Government corruption will continue.  The government is not our friend. Nor does it work for “we the people.” Americans instinctively understand this. When asked to name the greatest problem facing the nation, Americans of all political stripes ranked the government as the number one concern. In fact, almost eight out of ten Americans believe that government corruption is widespread. Our so-called government representatives do not actually represent us, the citizenry. We are now ruled by an oligarchic elite of governmental and corporate interests whose main interest is in perpetuating power and control. Congress is dominated by a majority of millionaires who are, on average, fourteen times wealthier than the average American.

The rise of the surveillance state will continue. Government eyes are watching you. They see your every move: what you read, how much you spend, where you go, with whom you interact, when you wake up in the morning, what you’re watching on television and reading on the internet. Every move you make is being monitored, mined for data, crunched, and tabulated in order to form a picture of who you are, what makes you tick, and how best to control you when and if it becomes necessary to bring you in line. Police have been outfitted with a litany of surveillance gear, from license plate readers and cell phone tracking devices to biometric data recorders. Technology now makes it possible for the police to scan passersby in order to detect the contents of their pockets, purses, briefcases, etc.
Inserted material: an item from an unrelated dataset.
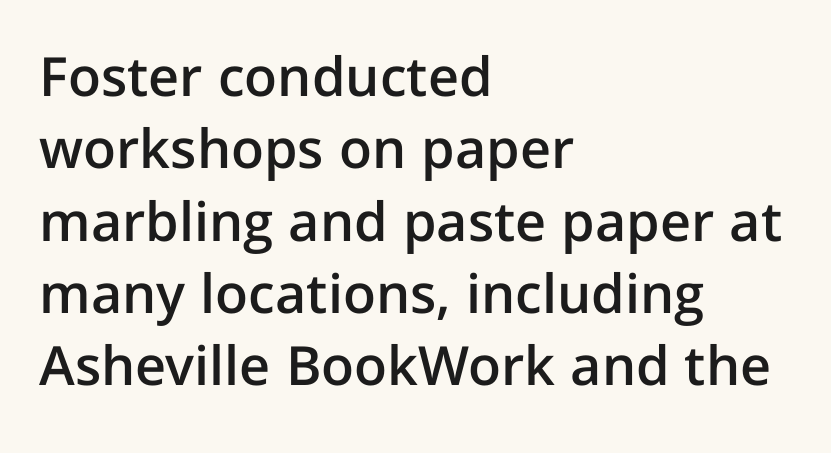
Proportional: the letters do not fall into vertical columns. The strokes are fattened partway — semibold, not bold. The letterforms sit shoulder to shoulder at normal distance. The lettering stays uniformly vertical, giving the passage a roman look.

Full-body scanners, which perform virtual strip-searches of Americans traveling by plane, have gone mobile, with roving police vans that peer into vehicles and buildings alike—including homes. Coupled with the nation’s growing network of real-time surveillance cameras and facial recognition software, soon there really will be nowhere to run and nowhere to hide.

The erection of a suspect society will continue. Due in large part to rapid advances in technology and a heightened surveillance culture, the burden of proof has been shifted so that the right to be considered innocent until proven guilty has been usurped by a new norm in which all citizens are suspects. This is exemplified by police practices of stopping and frisking people who are merely walking down the street and where there is no evidence of wrongdoing. Making matters worse are Terrorism Liaison Officers (firefighters, police officers, and even corporate employees) who have been trained to spy on their fellow citizens and report “suspicious activity,” which includes taking pictures with no apparent aesthetic value, making measurements and drawings, taking notes, conversing in code, espousing radical beliefs and buying items in bulk. TLOs report back to “fusion centers,” which are a driving force behind the government’s quest to collect, analyze, and disseminate information on American citizens.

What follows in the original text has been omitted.